___ Records for the task
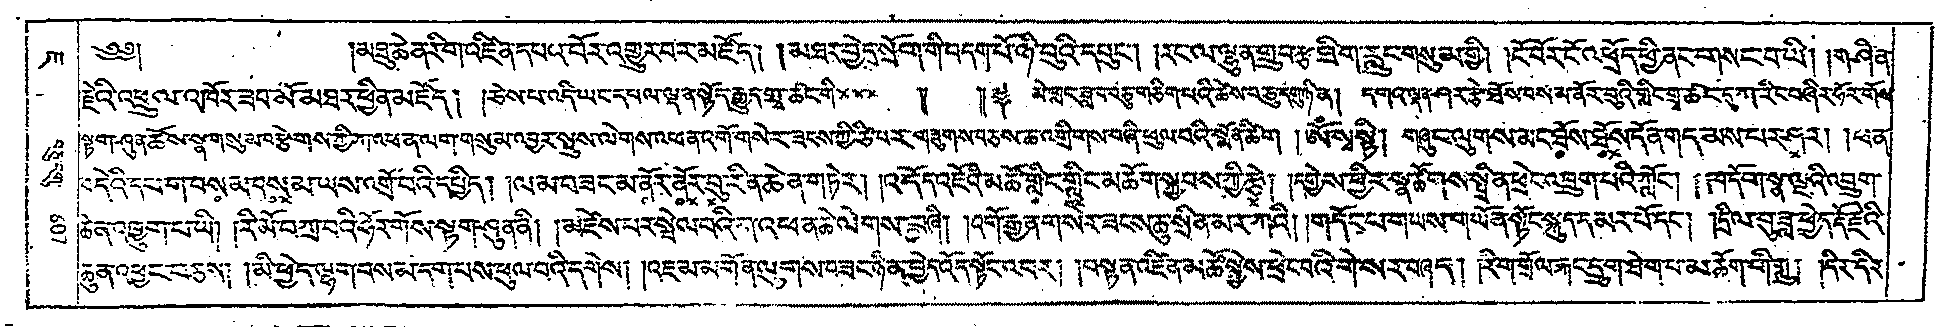༄༅། །མཐུ་ཆེན་རིག་འཛིན་དཔའ་བོར་འགྱུར་བར་མཛོད། །མཐར་བྱེད་སྲོག་གི་བདག་པོ་ཉི་བུའི་དཔུང་། །རང་ལ་ལྷུན་གྲུབ་རྩ་ཐིག་རླུང་གསུམ་གྱི། །ངོ་བོར་ངོ་འཕྲོད་ཕྱི་ནང་གསང་བ་ཡི། །གཤིན་
རྗེའི་འཕྲུལ་འཁོར་ཟབ་མོ་མཐར་ཕྱིན་མཛོད། །ཅེས་པ་འདི་ཡང་དཔལ་ལྡན་སྟོད་རྒྱུད་གྲྭ་ཚང་གི་྾་྾་྾་།། །།༈ མེ་གླང་ཟླ་བ་བཅུ་གཅིག་པའི་ཚེས་བཅུ་དགུ་ཉིན། དགའ་ལྡན་ཤར་རྩེ་ཐོས་བསམ་ནོར་བུའི་གླིང་གྲྭ་ཚང་དུ་ཀ་རིང་བཞིར་ཧོར་གོས་
སྟག་ཤུན་ཚོས་སྣ་གསུམ་བརྩེགས་ཀྱི་ཀ་འཕན་ལག་གསུམ་འབྱར་སྤུས་ལེགས་འཕན་འགོ་གསེར་ཟངས་ཀྱི་ཙི་པར་གཟུགས་བཅས་ཆ་འགྲིགས་བཞི་ཕུལ་བའི་སྨོན་ཚིག ། ཨོཾ་སྭསྟི། གཞུང་ལུགས་མང་ཐོས྾་ཐོས྾་྾་དོན་གདམས་པར་྾་ཤར། །ཕན་
བདེའི་དཔག་བསམ྾་བསམ྾་྾་ཡས་འགྲོ་བའི་དཔྱིད། །ལམ་བཟང་མ་ནོར྾་ནོར྾་྾་བུ་྾་རིན་ཆེན་གཏེར། །འདོད་འཇོའི་མཚོ་གླིང྾་གླིང྾་྾་མཆོག་སྐྱབས་ཀྱི་རྩེ་྾། །དགྱེས་ཕྱིར་སྣ་ཚོགས་སྤྲིན་ཕྲེང་འཁྲུག་པའི་ཀློང་། །ཁ་དོག་སྣ་ལྔའི་འབྲུག་
ཆེན་འཁྱུག་པ་ཡི། །རི་མོ་བཀྲ་བའི་ཧོར་གོས་སྟག་ཤུན་ནི། །མཛེས་པར་སྤེལ་བའི་ཀ་འཕན་ཆེ་ལེགས་བཞི། །འགོ་རྒྱན་གསེར་ཟངས་ཆུ་སྲིན་མ་ར་ཀའི། །གདོང་པ་གཡས་གཡོན་སྟོང་སྐུད་དམར་པོ་དང་། །དྲིལ་བུ་ཟླ་ཕྱེད་རྡོ་རྗེའི་
ཆུན་འཕྱང་བཅས། །མི་ཕྱེད་ལྷག་བསམ་དག་པས་ཕུལ་བའི་དགེས། །འཇམ་མགོན་ལུགས་བཟང་ཉིན་བྱེད་འོད་སྟོང་འབར། །བསྟན་འཛིན་མཚོ་སྐྱེས་ཕྲེང་བའི་གེ་སར་བཞད། །རིག་གྲོལ་རྐང་དྲུག་ཐེག་པ་མཆོག་གི་གླུ། །དིར་དིར་
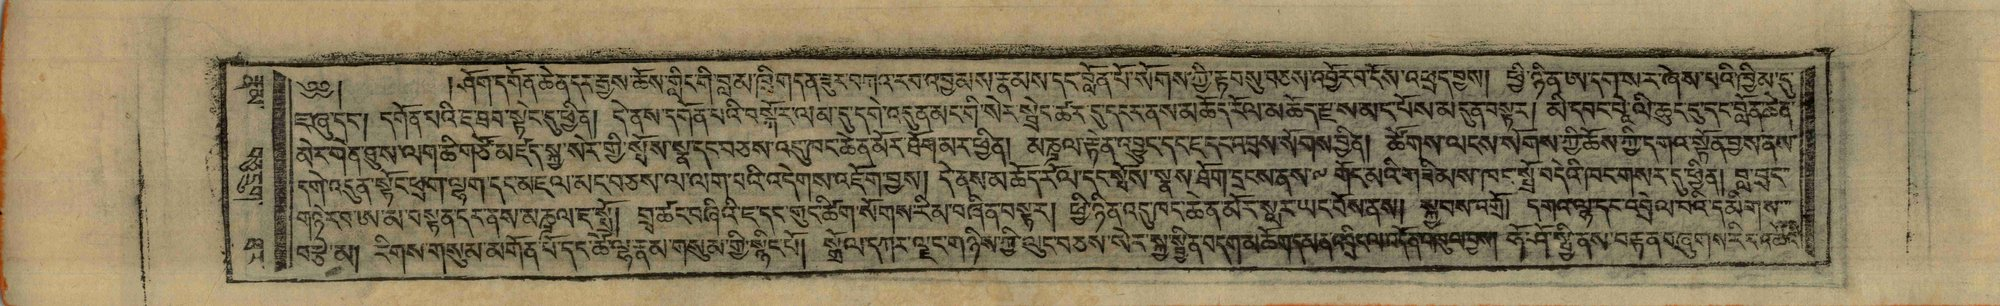༄༅། །ཤོག་དགོན་ཆེན་དར་རྒྱས་ཆོས་གླིང་གི་བླ་མ་ཁྲི་གདན་ཟུར་བཀའ་རབ་འབྱམས་རྣམས་དང་བློན་པོ་སོགས་ཀྱི་རྟབས་སུ་བཅས་འབྱོར་བ་རོས་འཕྲད་བྱས། ཕྱི་ཉིན་ཨ་དག་སར་ཞེས་པའི་ཁྱིམ་དུ་
ཇ་ཞུ་དང་། དགོན་པའི་ཇ་ཐབ་སྟེང་དུ་ཕྱིན། དེ་ནས་དགོན་པའི་བསྐོར་ལམ་དུ་དགེ་འདུན་མང་གི་སེར་སྦྲེང་ཚར་དུ་དངར་ནས་མཆོད་རོལ་མཆོད་རྫས་མང་པོས་མདུན་བསྟར། མི་དབང་པE་ལི་ཆུང་ངུ་དང་བློན་ཆེན་
མེར་གེན་ཐུ་ས་ལག་ཆི་གཙོ་མཛད་སྐྱ་སེར་གྱི་སྤོས་སྣ་དང་བཅས་འདུ་ཁང་ཆེན་མོར་ཐོག་མར་ཕྱིན། མཎྜལ་རྟེན་འབྱུང་དང་ཇ་དང་འབྲས་སོགས་བྱིན། ཚོགས་ལངས་སོགས་ཀྱི་ཆོས་ཀྱི་དགའ་སྟོན་བྱས་ནས་
དགེ་འདུན་སྟོང་ཕྲག་ལྷག་དང་མཇལ་མང་བཅས་ལ་ལག་པའི་འདེགས་འཇོག་བྱས། དེ་ནས་མཆོད་རོལ་དང་སྤོས་སྣས་ཐོག་དྲངས་ནས་༧་གོང་མའི་གཟིམས་ཁང་སྤྲོ་བདེའི་ཁང་གསར་དུ་ཕྱིན། བླ་བྲང་
གཉེར་བ་ཨ་མ་བསྟན་དར་ནས་མཎྜལ་ཇ་སྤྲོ། གྲྭ་ཚང་བཞིའི་ཇ་དང་གུང་ཚིག་སོགས་རིམ་བཞིན་བསྟར། ཕྱི་ཉིན་འདུ་ཁང་ཆེན་མོར་སླར་ཡང་བོས་ནས། སྐྱབས་འགྲོ། དགའ་ལྷ་དང་འབྲེལ་བའི་དམིགས་
བརྩེ་མ། རིགས་གསུམ་མགོན་པོ་དང་ཚེ་ལྷ་རྣམ་གསུམ་གྱི་སྙིང་པོ། སྒྲོལ་དཀར་ལྗང་གཉིས་ཀྱི་ལུང་བཅས་སེར་སྐྱ་སྦྱིན་བདག་མཆོག་དམན་འབྲིང་ལ་འདོན་འཁུལ་བྱས། ཧོ་ཤོ་སྤྱི་ནས་བརྟན་བཞུགས་རིང་འཚོའི་
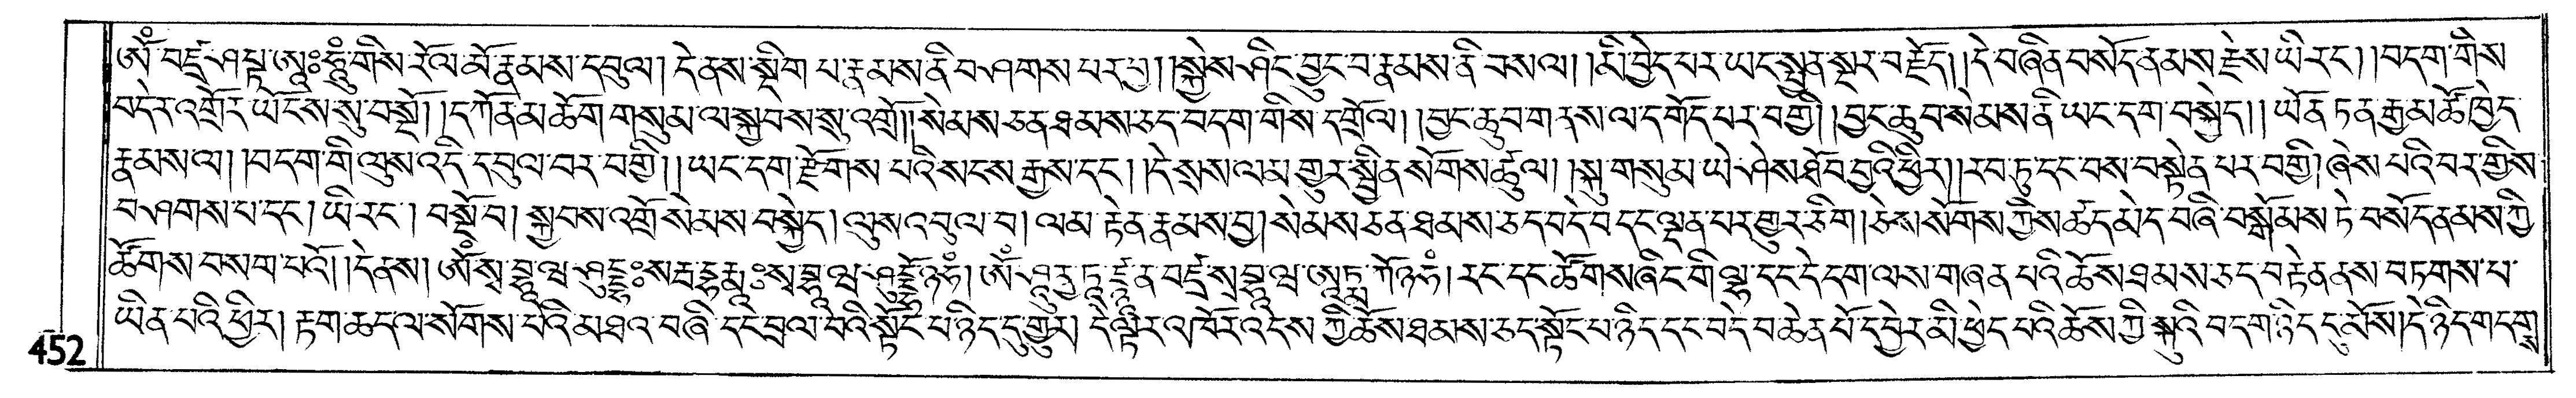ཨོཾ་བཛྲ་ཤཔྟ་ཨཱཿ ཧཱུཾ་གིས་རོལ་མོ་རྣམས་དབུལ། དེ་ནས་སྡིག་པ་རྣམས་ནི་བཤགས་པར་བྱ། །སྐྱེས་ཤིང་བྱུང་བ་རྣམས་ནི་བསལ། །མི་བྱེད་པར་ཡང་སྤྱན་སྔར་བརྗོད། །དེ་བཞིན་བསོད་ནམས་རྗེས་ཡི་རང་། །བདག་གིས་
བདེར་འགྲོར་ཡོངས་སུ་བསྔོ། །དཀོན་མཆོག་གསུམ་ལ་སྐྱབས་སུ་འགྲོ། །སེམས་ཅན་ཐམས་ཅད་བདག་གིས་དགྲོལ། །བྱང་ཆུབ་གནས་ལ་དགོད་པར་བགྱི། །བྱང་ཆུབ་སེམས་ནི་ཡང་དག་བསྐྱེད། །ཡོན་ཏན་རྒྱ་མཚོ་ཁྱེད་
རྣམས་ལ། །བདག་གི་ལུས་འདི་དབུལ་བར་བགྱི། །ཡང་དག་རྫོགས་པའི་སངས་རྒྱས་དང་། །དེ་སྲས་ལམ་གྱུར་སྦྱིན་སོགས་ཚུལ། །སྐུ་གསུམ་ཡེ་ཤེས་ཐོབ་བྱའི་ཕྱིར། །རབ་ཏུ་དང་བས་བསྟེན་པར་བགྱི། ཞེས་པའི་བར་གྱིས་
བཤགས་པ་དང་། ཡི་རང་། བསྔོ་བ། སྐྱབས་འགྲོ་སེམས་བསྐྱེད། ལུས་འབུལ་བ། ལམ་རྟེན་རྣམས་བྱ། སེམས་ཅན་ཐམས་ཅད་བདེ་བ་དང་ལྡན་པར་གྱུར་ཅིག །ཅེས་སོགས་ཀྱིས་ཚད་མེད་བཞི་བསྒོམས་ཏེ་བསོད་ནམས་ཀྱི་
ཚོགས་བསག་པའོ། །དེ་ནས། ཨོཾ་སྭ་བྷཱ་ཝ་ཤུདྡྷཿ སརྦ་དྷ་རྨཱཿ སྭ་བྷཱ་ཝ་ཤུདྡྷོ་ཉཧཾ། ཨོཾ་ཤཱུ་ནྱ་ཏཱ་ཛྙཱ་ན་བཛྲ་སྲ་བྷཱ་ཝ་ཨཱཏྨ་ཀོཉ་ཧཾ། རང་དང་ཚོགས་ཞིང་གི་ལྷ་དང་དེ་དག་ལས་གཞན་པའི་ཆོས་ཐམས་ཅད་བརྟེན་ནས་བཏགས་པ་
ཡིན་པའི་ཕྱིར། རྟག་ཆད་ལ་སོགས་པའི་མཐའ་བཞི་དང་བྲལ་བའི་སྟོང་པ་ཉིད་དུ་གྱུར། དེ་ལྟར་འཁོར་འདས་ཀྱི་ཆོས་ཐམས་ཅད་སྟོང་པ་ཉིད་དང་བདེ་བ་ཆེན་པོ་དབྱེར་མི་ཕྱེད་པའི་ཆོས་ཀྱི་སྐུའི་བདག་ཉིད་དུ་མོས། དེ་ཉིད་གདགས་
______
• _Work instructions_: Nothing but the lines from the one containing "ཚོགས་བསག་པའོ། །དེ་ནས། ཨོཾ་སྭ་བྷཱ་ཝ་ཤུདྡྷཿ" through the final line of the data above is to be reproduced, each exactly as written.

• _Response below_:
ཚོགས་བསག་པའོ། །དེ་ནས། ཨོཾ་སྭ་བྷཱ་ཝ་ཤུདྡྷཿ སརྦ་དྷ་རྨཱཿ སྭ་བྷཱ་ཝ་ཤུདྡྷོ་ཉཧཾ། ཨོཾ་ཤཱུ་ནྱ་ཏཱ་ཛྙཱ་ན་བཛྲ་སྲ་བྷཱ་ཝ་ཨཱཏྨ་ཀོཉ་ཧཾ། རང་དང་ཚོགས་ཞིང་གི་ལྷ་དང་དེ་དག་ལས་གཞན་པའི་ཆོས་ཐམས་ཅད་བརྟེན་ནས་བཏགས་པ་
ཡིན་པའི་ཕྱིར། རྟག་ཆད་ལ་སོགས་པའི་མཐའ་བཞི་དང་བྲལ་བའི་སྟོང་པ་ཉིད་དུ་གྱུར། དེ་ལྟར་འཁོར་འདས་ཀྱི་ཆོས་ཐམས་ཅད་སྟོང་པ་ཉིད་དང་བདེ་བ་ཆེན་པོ་དབྱེར་མི་ཕྱེད་པའི་ཆོས་ཀྱི་སྐུའི་བདག་ཉིད་དུ་མོས། དེ་ཉིད་གདགས་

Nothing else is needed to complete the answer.